* **WORK TO BE COMPLETED**: All the lines below need retyping exactly, apart from the images.

SUPPLIED MATERIAL START

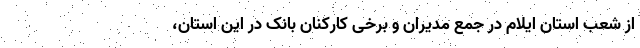
از شعب استان ایلام در جمع مدیران و برخی کارکنان بانک در این استان،
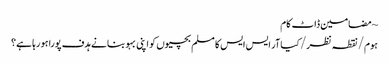
~ مضامین ڈاٹ کام
ہوم/نقطہ نظر/کیا آر ایس ایس کا مسلم بچیوں کو اپنی بہو بنانے ہدف پورا ہو رہا ہے؟
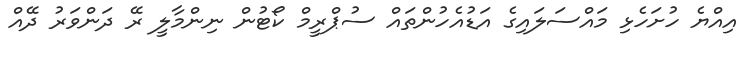
އިއްޔެ ހުށަހެޅި މައްްސަލައިގެ އަޑުއެހުންތައް ސުޕްރީމް ކޯޓުން ނިންމާލީ ރޭ ދަންވަރު ދޭއް
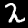
Digit: 2
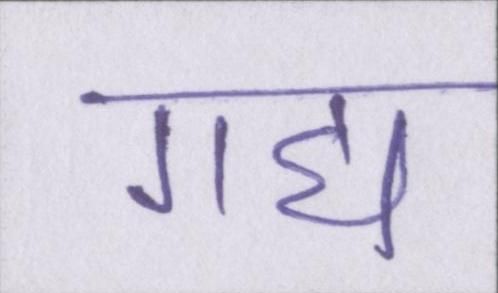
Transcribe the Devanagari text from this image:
गद्य
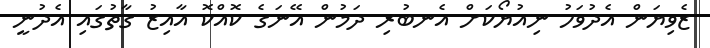
ޒެވިޔަން އެދުވަހު ނިއުޔޯކަށް އެނބުރި ދަމުން އޭނަގެ ކޮއްކޮ އާއިޒު ގާތުގައި އެދުނީ
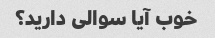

SUPPLIED MATERIAL END

* **RESULT OF THIS EXERCISE**:
از شعب استان ایلام در جمع مدیران و برخی کارکنان بانک در این استان،
~ مضامین ڈاٹ کام
ہوم/نقطہ نظر/کیا آر ایس ایس کا مسلم بچیوں کو اپنی بہو بنانے ہدف پورا ہو رہا ہے؟
އިއްޔެ ހުށަހެޅި މައްްސަލައިގެ އަޑުއެހުންތައް ސުޕްރީމް ކޯޓުން ނިންމާލީ ރޭ ދަންވަރު ދޭއް
Digit: 2
Transcribe the Devanagari text from this image:
गद्य
ޒެވިޔަން އެދުވަހު ނިއުޔޯކަށް އެނބުރި ދަމުން އޭނަގެ ކޮއްކޮ އާއިޒު ގާތުގައި އެދުނީ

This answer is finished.